3.) You will need to know how the vendor's production estimate was done before you can use the same algorithms/software and methods to duplicate the method under other (actual) conditions for purposes of verification.

4.) Alternately, and probably faster and cheaper, get and learn how to use SAM and compare that output to what the vendor gave you. Chances are the vendor used PVWatts, SAM or some other canned software anyway. If so, find out what the vendor used, verify the input and do the same with the same software for an estimate of yearly output. Any year actual output is probably ~ +/- about 10% compared to the software estimate due to natural variation in the weather year/year.

Take what you want of the above, leave the rest.

Happy New Year.

J.P.M.

Thanks! Life got in the way...
Probably true.
I was trying to come up with a way to compare the estimate to real-world production data to determine how accurate the estimate was. So the production estimate is an input, not an output.
This is the part I'm not understanding. If I'm taking the estimate as an input and trying to compare it to real-world data, why do I need to know the details of how the estimate was produced? It either is close to the actual production or it isn't.

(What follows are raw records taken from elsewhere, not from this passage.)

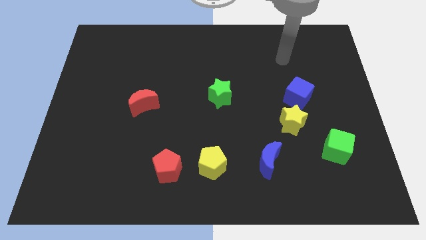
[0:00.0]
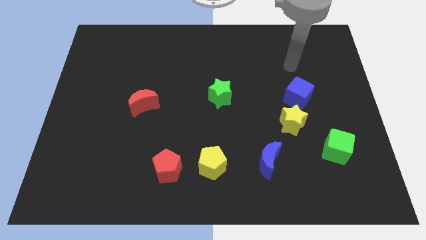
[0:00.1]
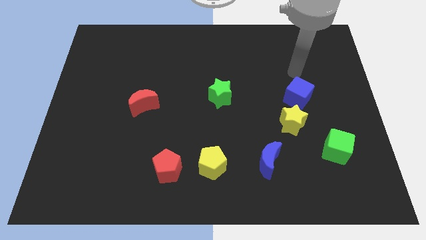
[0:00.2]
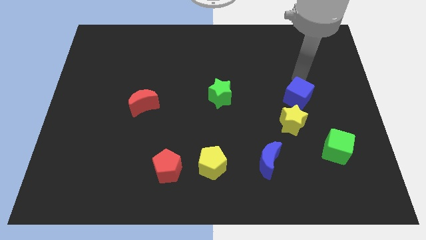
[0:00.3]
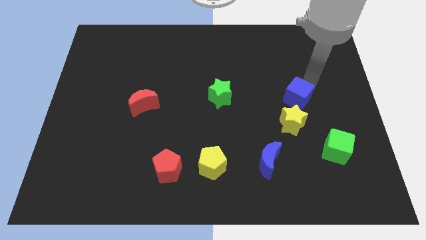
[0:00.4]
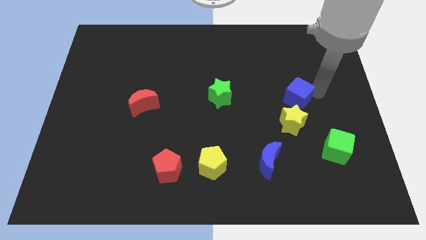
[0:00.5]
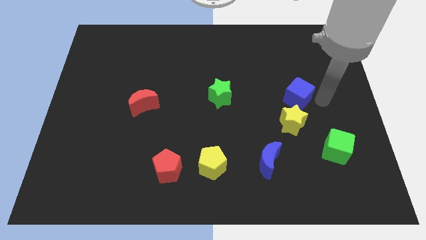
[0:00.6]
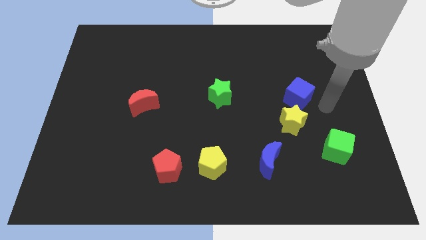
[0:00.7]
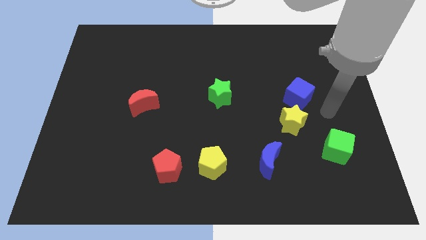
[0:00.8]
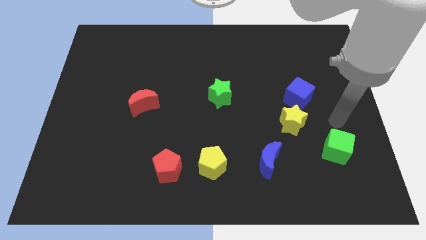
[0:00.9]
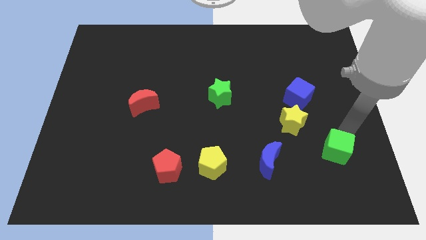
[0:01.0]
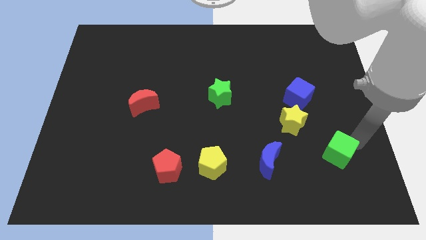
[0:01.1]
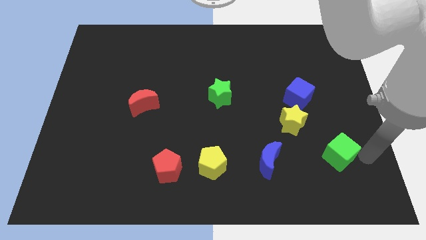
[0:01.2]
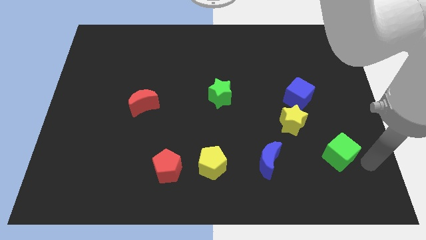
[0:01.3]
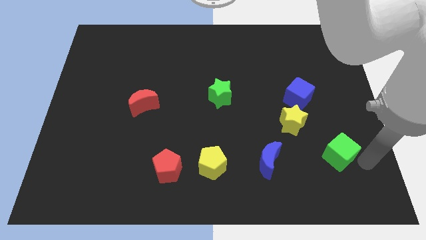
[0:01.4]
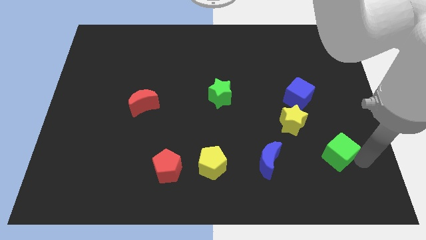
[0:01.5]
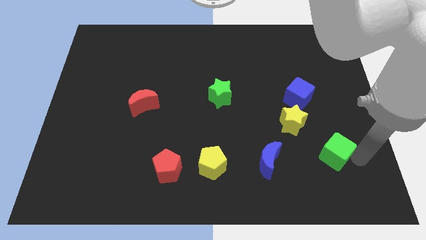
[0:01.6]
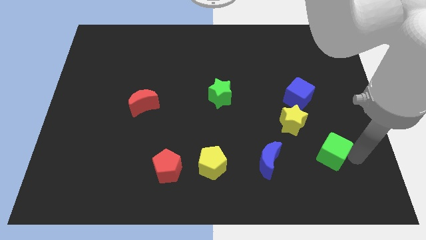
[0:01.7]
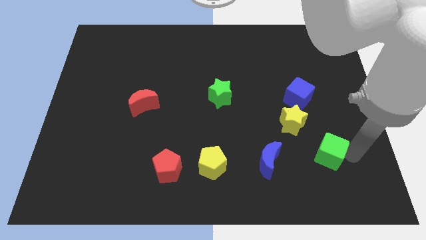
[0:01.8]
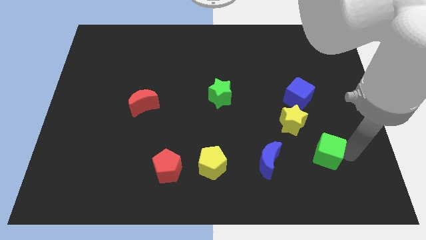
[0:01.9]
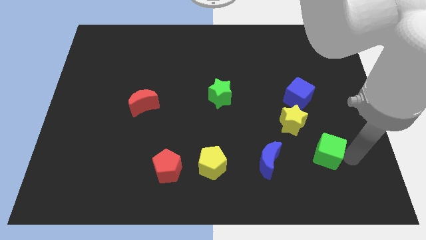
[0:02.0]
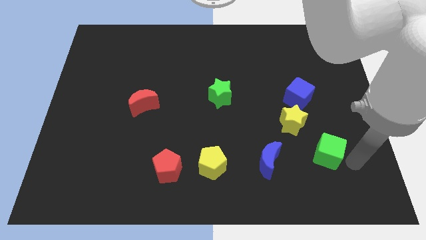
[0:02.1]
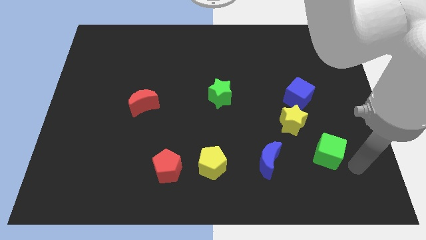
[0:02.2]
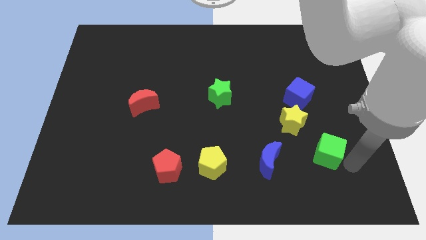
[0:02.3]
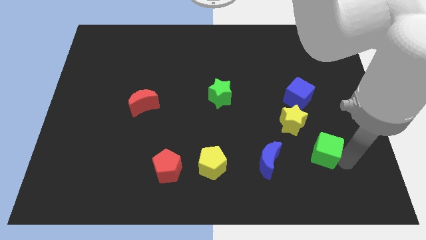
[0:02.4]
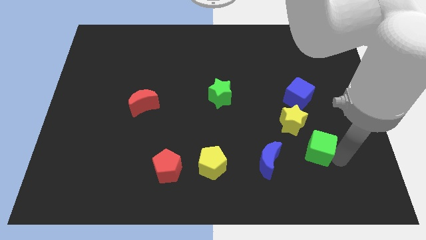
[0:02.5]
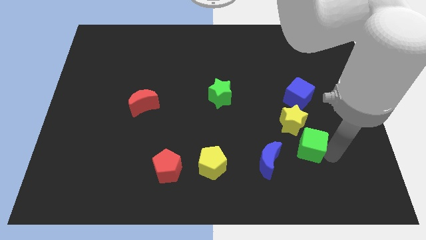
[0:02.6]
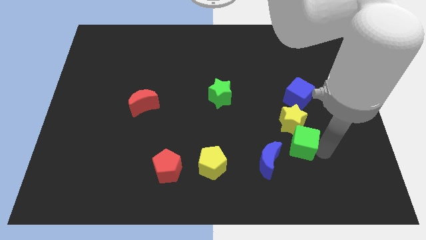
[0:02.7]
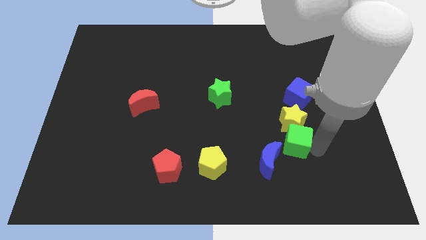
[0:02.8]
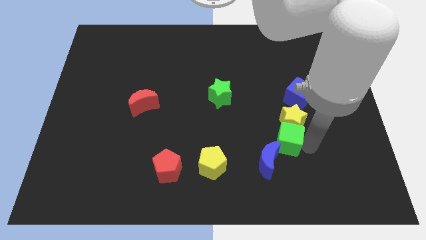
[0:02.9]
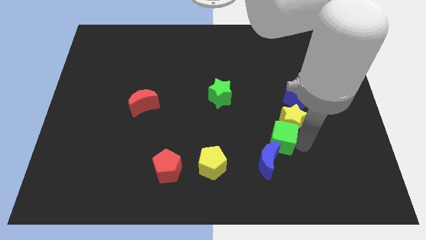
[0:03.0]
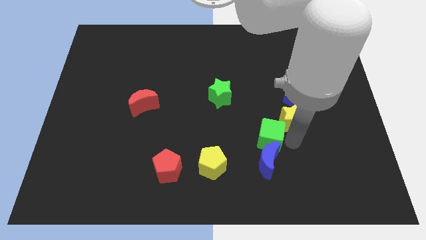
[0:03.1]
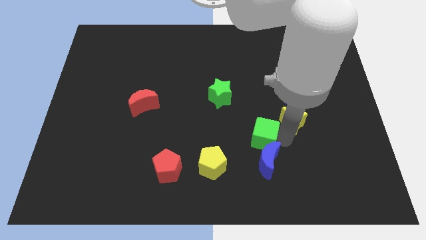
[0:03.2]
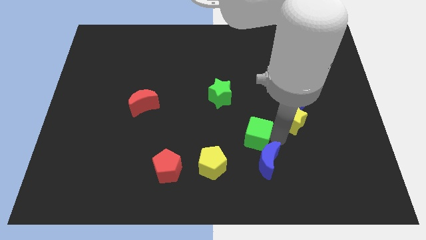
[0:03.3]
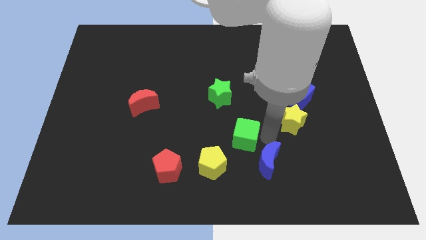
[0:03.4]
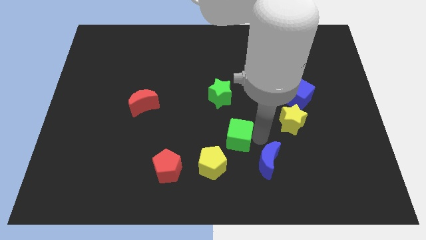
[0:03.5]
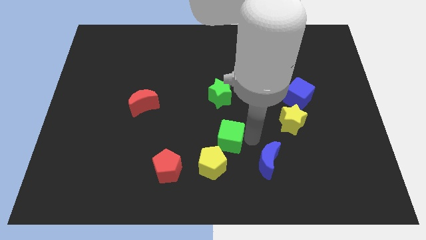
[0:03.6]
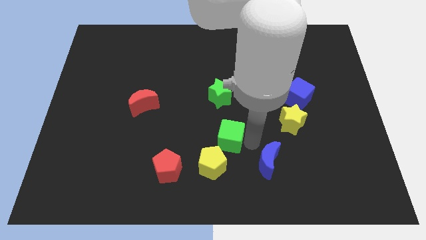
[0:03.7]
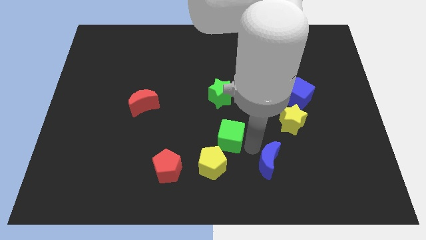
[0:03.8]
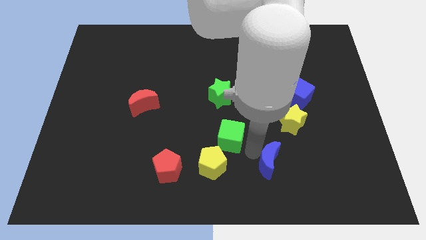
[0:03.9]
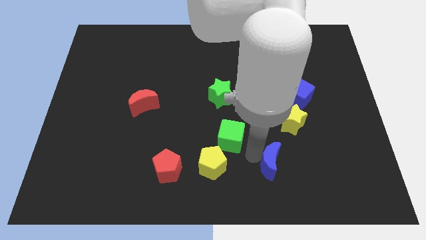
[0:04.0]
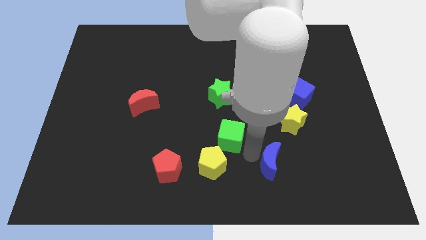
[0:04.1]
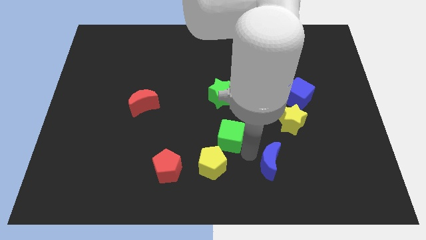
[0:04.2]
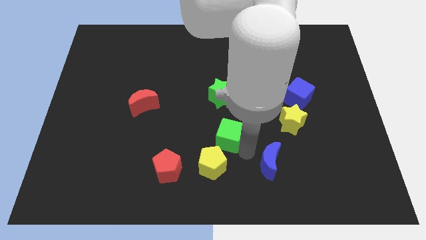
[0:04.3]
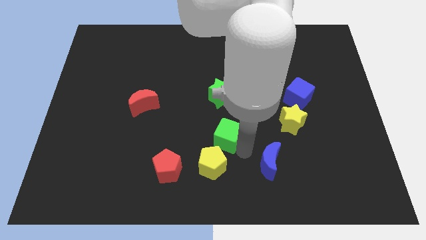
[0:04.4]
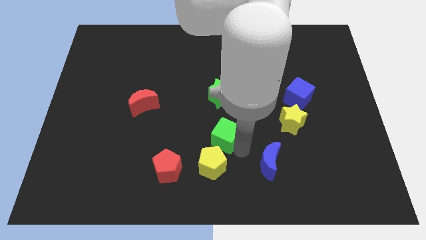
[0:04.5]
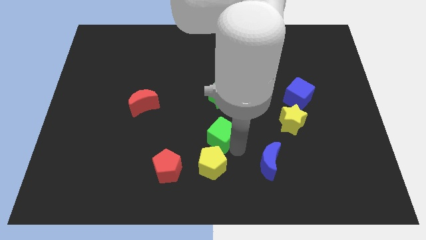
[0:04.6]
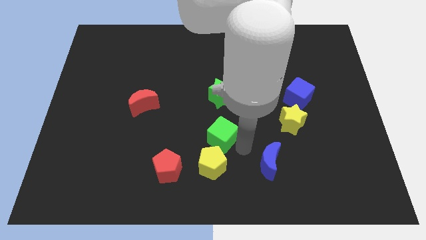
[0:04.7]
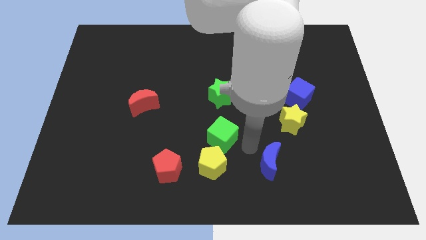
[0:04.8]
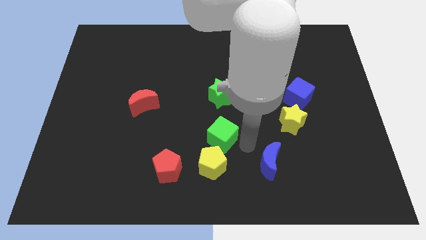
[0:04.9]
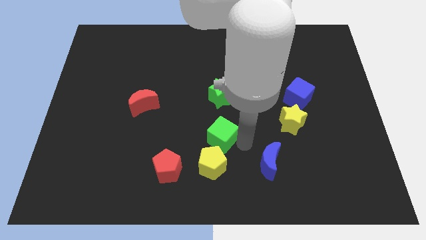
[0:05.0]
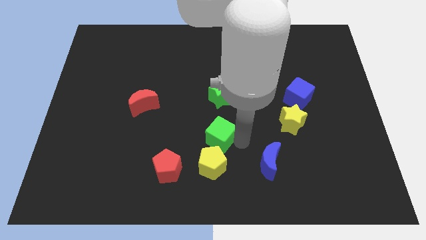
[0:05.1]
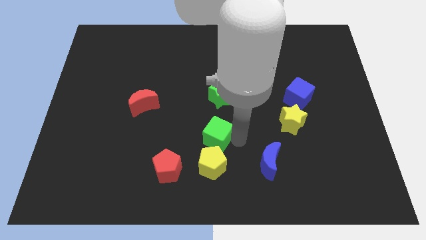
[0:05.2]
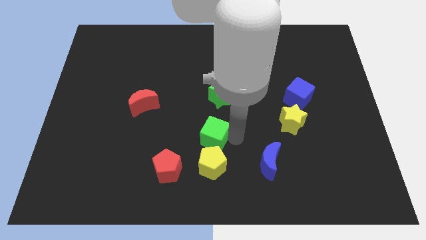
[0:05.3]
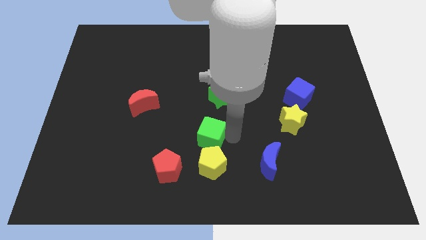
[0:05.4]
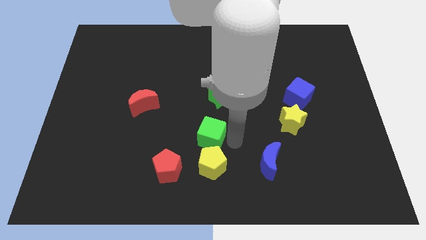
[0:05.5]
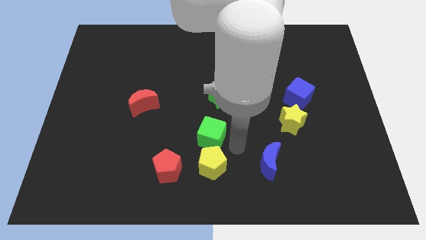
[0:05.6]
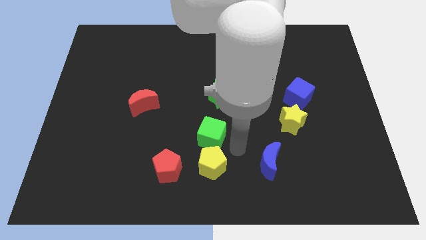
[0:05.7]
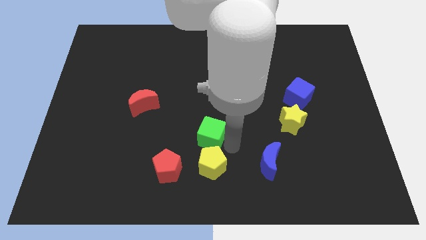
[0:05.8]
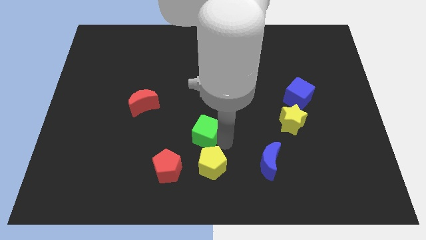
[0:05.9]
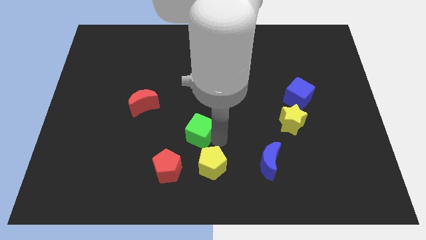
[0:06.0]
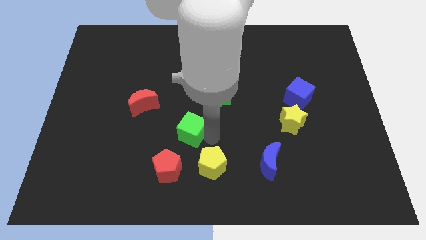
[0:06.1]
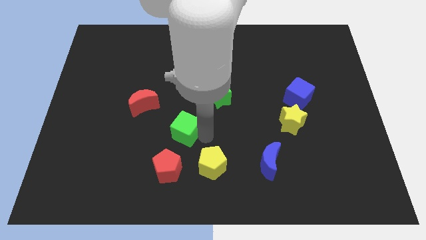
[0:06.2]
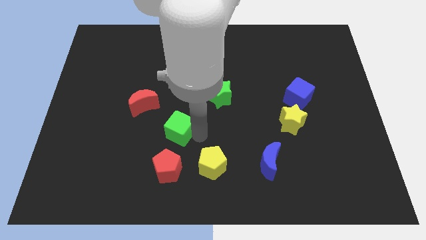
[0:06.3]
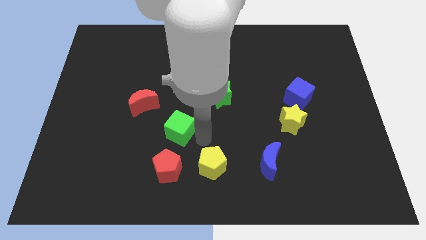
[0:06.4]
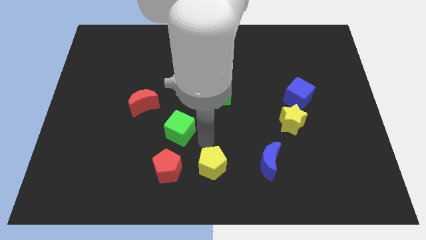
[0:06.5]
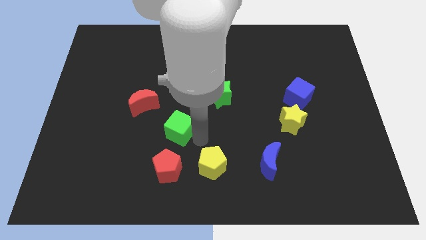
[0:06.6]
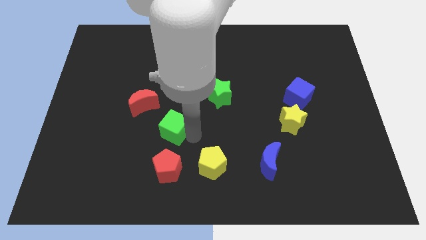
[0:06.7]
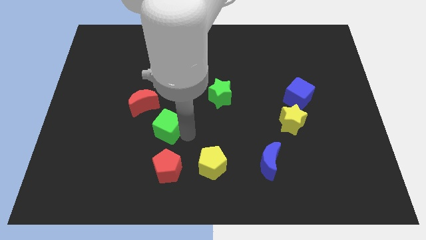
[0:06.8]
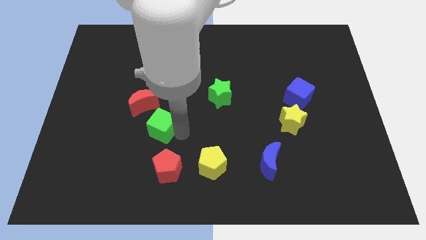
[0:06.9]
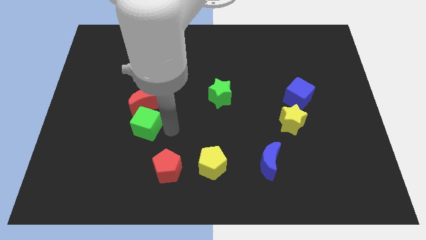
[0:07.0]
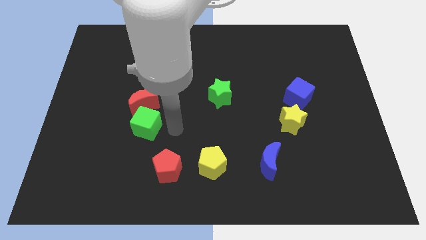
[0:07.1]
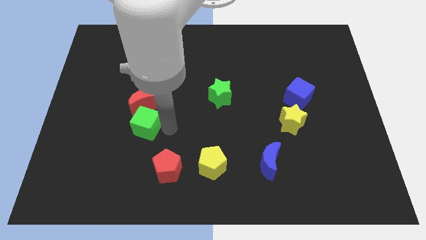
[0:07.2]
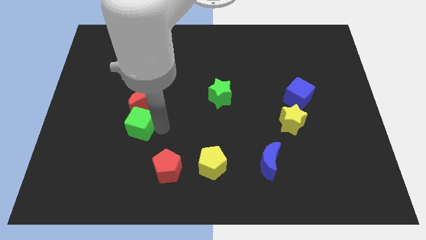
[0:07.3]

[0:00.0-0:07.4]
push the green cube diagonally down and to the left of the red moon

Of course, I realize that with weather being weather it's not reasonable to expect five months' of production data to be within 20% of the original estimate. That's why I was thinking about how to use insolation data (which I don't have anyway) to correct for this and come up with an estimate of the accuracy of the estimate.
Before signing the contract, I actually did plug in the installer's parameters and shading factors into PVWatts to verify that I got the same results. And they were within a percent or so.

But all that tells me is that the two different tools agree with each other, not whether they agree with reality. For example, if inputs like the efficiency of the inverters were over/underestimated, the tools would agree with each other but not match reality.

After only five months of non-average weather, at this point the estimate could have been wrong by 20% in either direction and I wouldn't know. I could of course just wait five years and average my annual production over that time to get a pretty solid answer as to whether the production estimate was accurate. But I'm not that patient.